(Stored data)

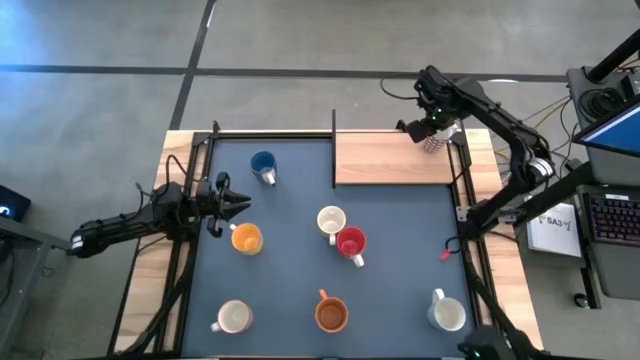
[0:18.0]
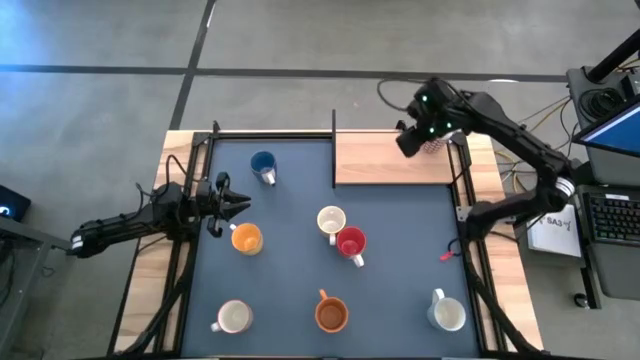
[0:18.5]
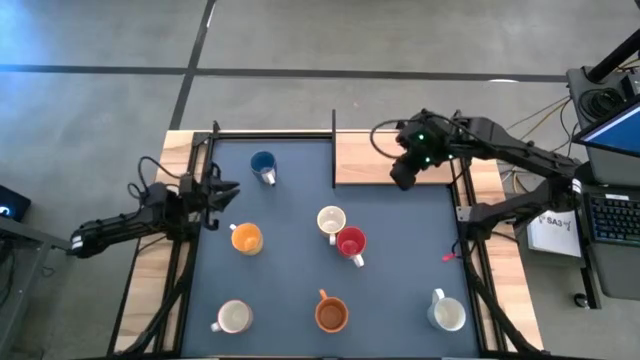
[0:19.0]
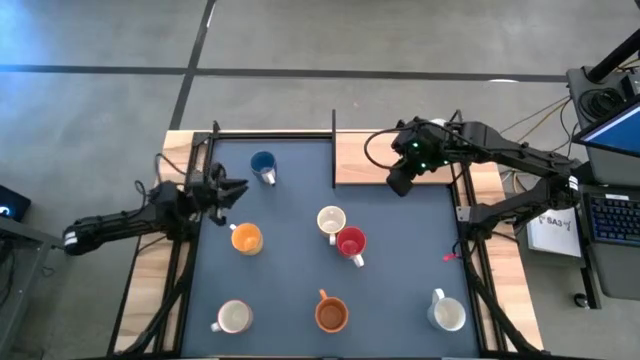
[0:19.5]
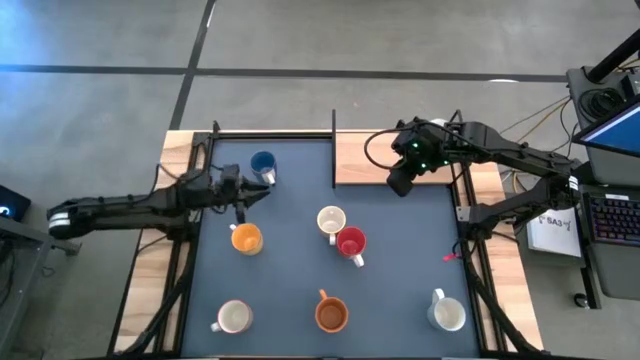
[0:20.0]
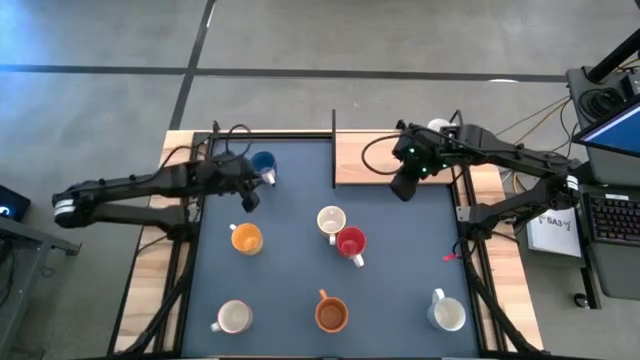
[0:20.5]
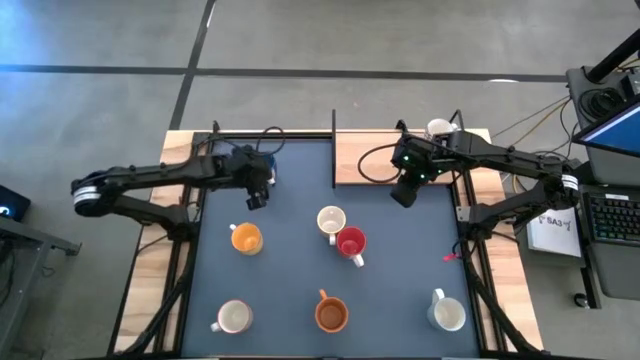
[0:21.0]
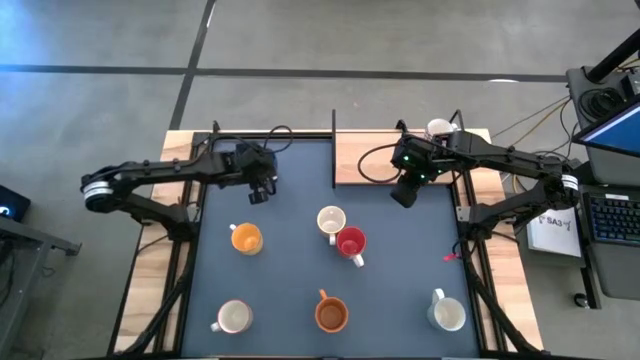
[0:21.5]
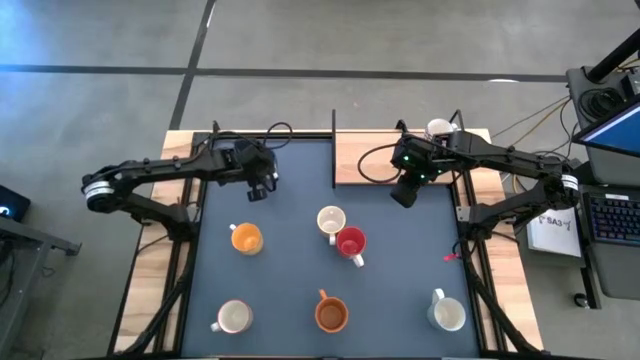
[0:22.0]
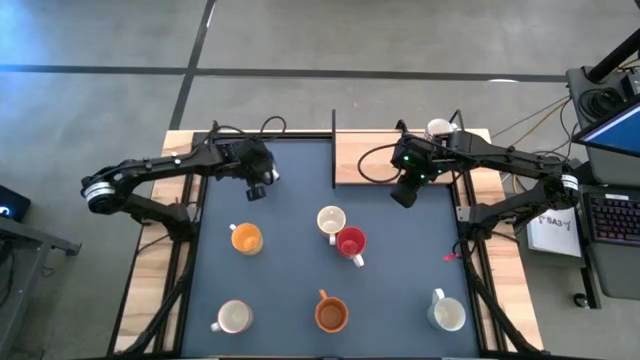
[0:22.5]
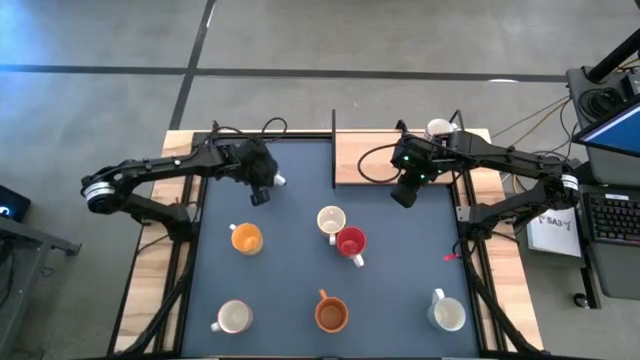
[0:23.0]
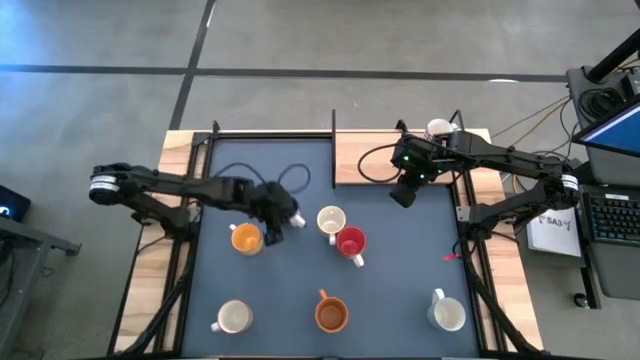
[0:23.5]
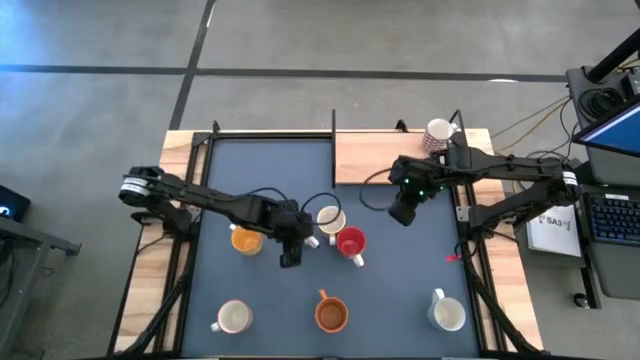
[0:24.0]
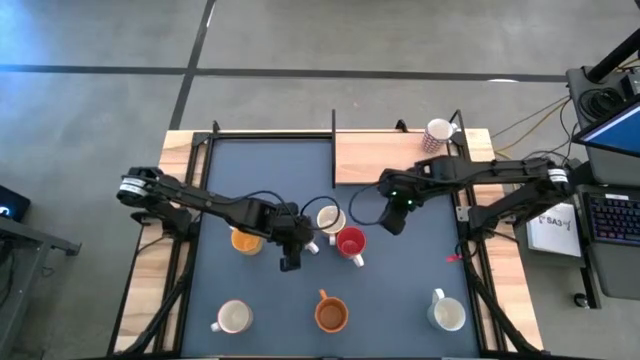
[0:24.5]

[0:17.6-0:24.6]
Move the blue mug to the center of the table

(End Stored data)

## [How to complete this task]
All records above are to be output verbatim, with their pictures omitted.

## [Response for this exercise]
[0:18.0]
[0:18.5]
[0:19.0]
[0:19.5]
[0:20.0]
[0:20.5]
[0:21.0]
[0:21.5]
[0:22.0]
[0:22.5]
[0:23.0]
[0:23.5]
[0:24.0]
[0:24.5]

[0:17.6-0:24.6]
Move the blue mug to the center of the table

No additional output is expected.